Action item -
In the data below, find the line containing "cover by kind: herbaceous", then set down that line and every later line up to and including the line containing "longitude: 0.7753", exactly.

Extracted records -

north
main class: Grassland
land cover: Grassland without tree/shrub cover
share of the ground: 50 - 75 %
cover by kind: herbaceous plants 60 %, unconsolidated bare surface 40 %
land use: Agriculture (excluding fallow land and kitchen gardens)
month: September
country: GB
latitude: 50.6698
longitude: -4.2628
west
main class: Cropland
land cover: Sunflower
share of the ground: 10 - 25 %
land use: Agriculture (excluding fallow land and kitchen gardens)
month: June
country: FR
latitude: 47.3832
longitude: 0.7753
---
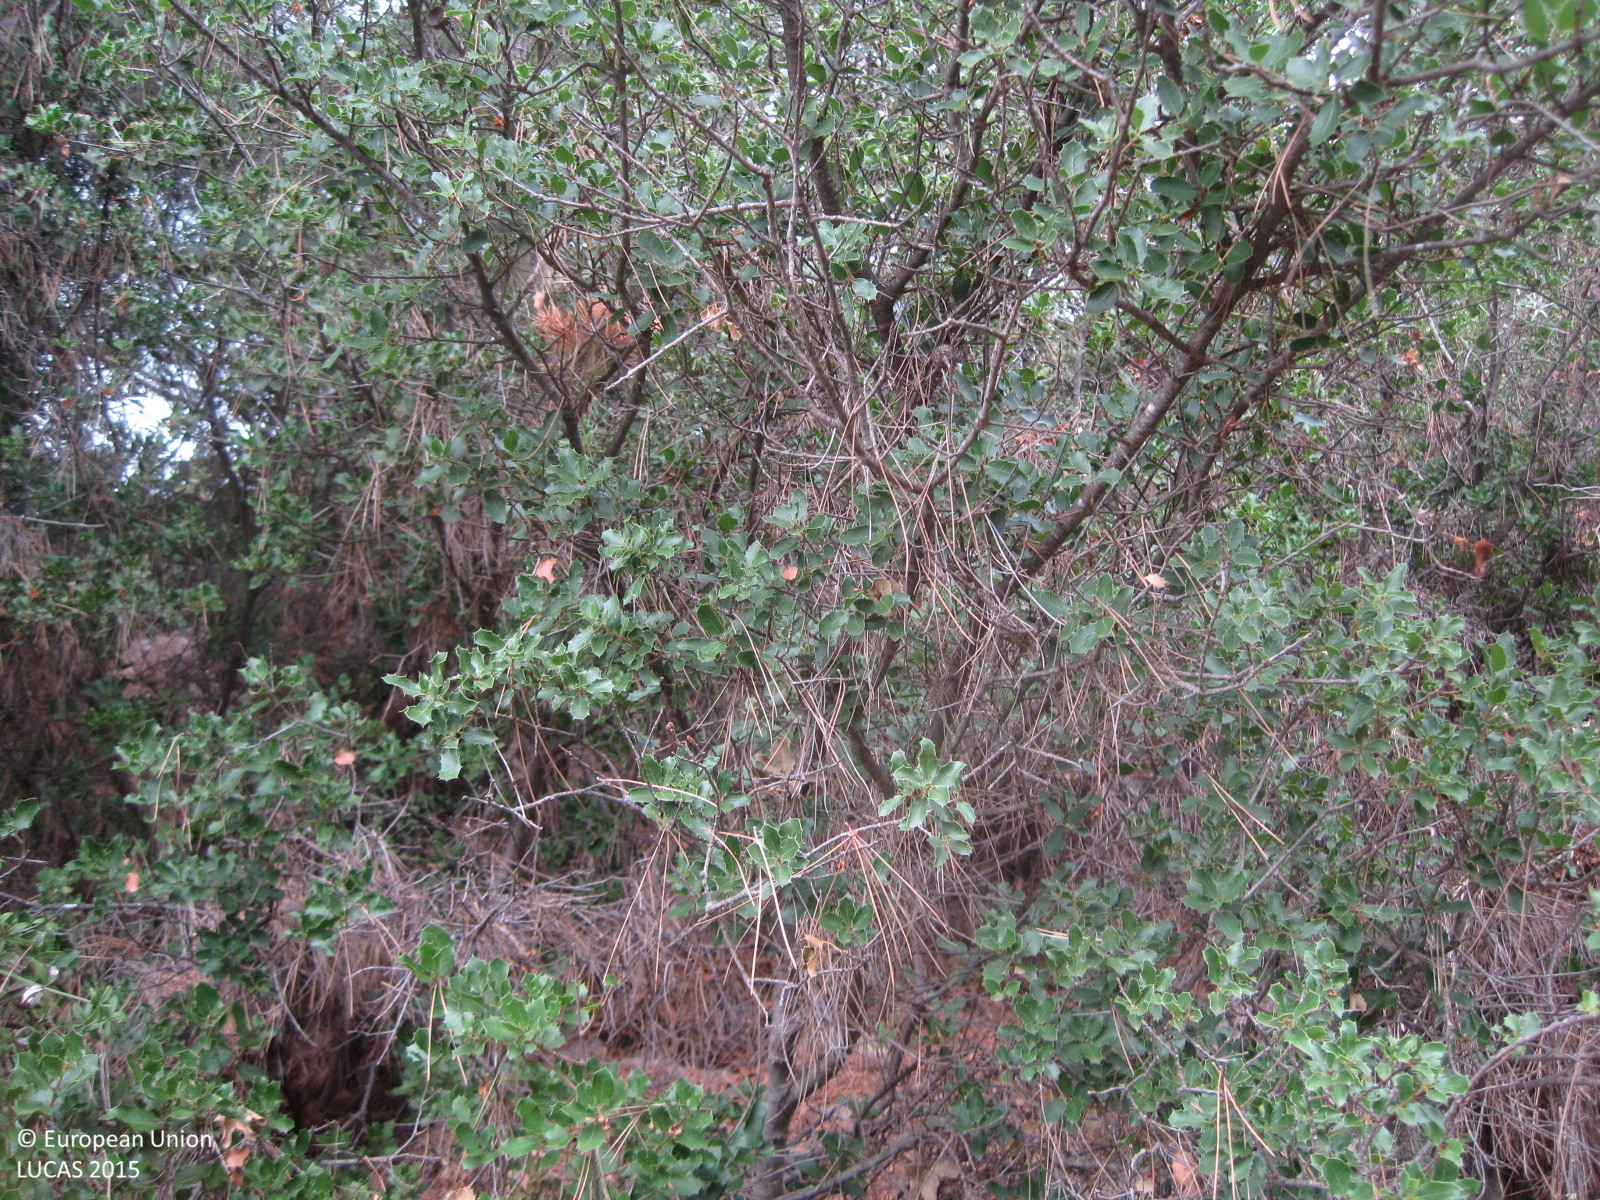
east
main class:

Response to the task -
cover by kind: herbaceous plants 60 %, unconsolidated bare surface 40 %
land use: Agriculture (excluding fallow land and kitchen gardens)
month: September
country: GB
latitude: 50.6698
longitude: -4.2628
west
main class: Cropland
land cover: Sunflower
share of the ground: 10 - 25 %
land use: Agriculture (excluding fallow land and kitchen gardens)
month: June
country: FR
latitude: 47.3832
longitude: 0.7753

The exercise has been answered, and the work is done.